Mitologia dos Orixás é a maior coletânea de mitos de divindades africanas e afro-americanas, já produzida. O livro é fruto de uma longa e competente consulta bibliográfica no Brasil e em outros países aliada a uma acurada pesquisa de campo, ambas baseadas numa verdadeira teia de informações que o autor cuidadosamente refaz em notas que acompanham cada mito. Porém, mais que uma bela obra científica, trata-se de uma obra científica bela, fruto da sensibilidade de um exíguo conhecedor e entusiasta das religiões de origem africana como é Reginaldo Prandi.
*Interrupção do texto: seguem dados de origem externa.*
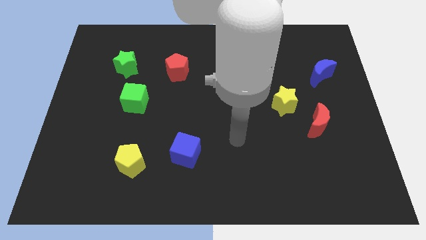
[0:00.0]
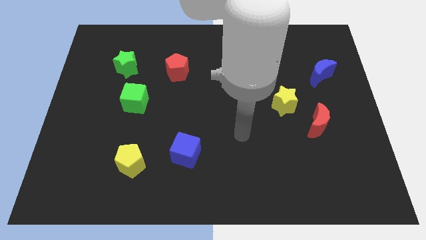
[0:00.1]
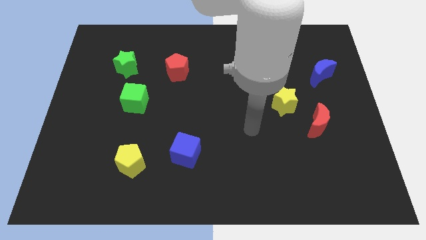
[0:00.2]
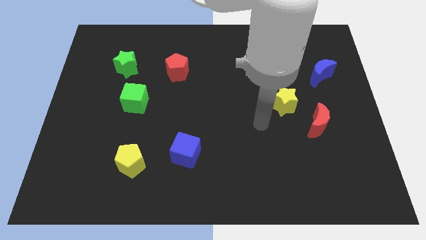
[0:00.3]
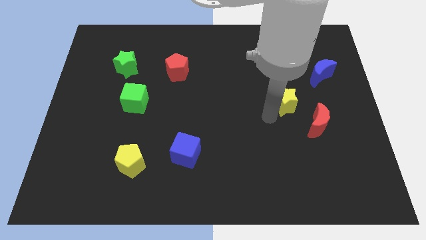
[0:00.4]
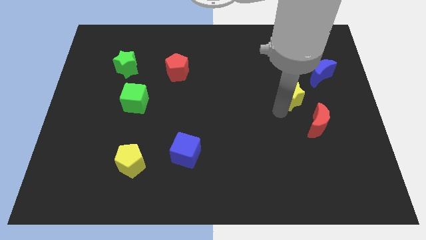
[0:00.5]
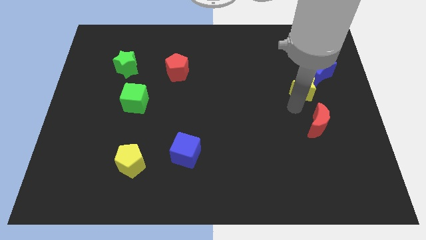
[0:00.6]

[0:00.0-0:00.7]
move the red moon away from the yellow star

Os trezentos e um mitos reunidos e recontados apresentam as venturas e desventuras dos orixás mais cultuados nos países da diáspora negra e também daqueles cujo culto foi quase extinto, permanecendo às vezes, somente na memória de seus velhos sacerdotes, como Agenor Miranda Rocha. O professor Agenor, com 94 anos de idade, considerado o decano da religião dos orixás no Brasil, foi o primeiro sacerdote a registrar mitos por escrito em 1928. Aquele caderno pessoal foi publicado em 1999 [Caminhos de Odu: Os Odus do jogo de búzios, com seus caminhos, ebós, mitos e significados, conforme ensinamentos escritos por Agenor Miranda Rocha em 1928 e por ele mesmo revistos em 1998. Organizado por Reginaldo Prandi, com ilustrações de Pedro Rafael (Rio de Janeiro, Pallas, 1999)].
Essas narrativas falam muito dos rituais e do modo de ser e de viver dos filhos-de-santo do candomblé. Os mitos estruturam a religião dos orixás. Seus adeptos seriam descendentes das divindades e os contos, por sua vez, seriam fragmentos da própria história de vida desses filhos-de-santo. História essa que se repetiria ciclicamente, conforme o mito, que vem sendo contado de geração para geração desde um tempo imemorial.
A tarefa que Reginaldo Prandi colocou para si foi fazer de Mitologia dos Orixás um conjunto rico e harmonioso. Teve êxito. Diante da enorme diversidade de fontes, o autor logrou forjar um padrão de linguagem - segundo ele inspirado no modo dos poemas oraculares dos babalaôs africanos - que confere ao texto vivacidade e clareza.
Fotos e ilustrações, por sua vez, são cúmplices do texto na apresentação das faces dos deuses africanos. As fotografias foram feitas por admiradores e pesquisadores do candomblé, sobretudo o próprio Prandi, e as gravuras são do artista Pedro Rafael. Os retratos mostram os orixás no corpo de seus filhos em transe, com suas ferramentas, roupas, colares e gestos, de modo que mito e rito "conversam" harmoniosamente, mesmo sob os olhos do leitor menos familiarizado com o repertório ritual das religiões de origem africana.
Já as ilustrações acompanham todo o texto pontuando-o com precisão e beleza, sobretudo aquelas que abrem os capítulos. Um trabalho de grande sensibilidade que mais do que ilustrar, e o faz primorosamente, estabelece uma conexão profunda com o texto muitas vezes imperceptível num primeiro olhar.
Mitologia dos Orixás, enfim, é uma obra de grande valor literário. Referência para os pesquisadores das religiões de origem africana e para seus adeptos. Pode-se desde já vislumbrar sua influência sobre pesquisadores, simpatizantes e o povo-de-santo. Essa religião de tradição oral, que cada vez mais se apropria da palavra escrita universal, dispõe agora de uma belíssima fonte da qual todos nós podemos beber.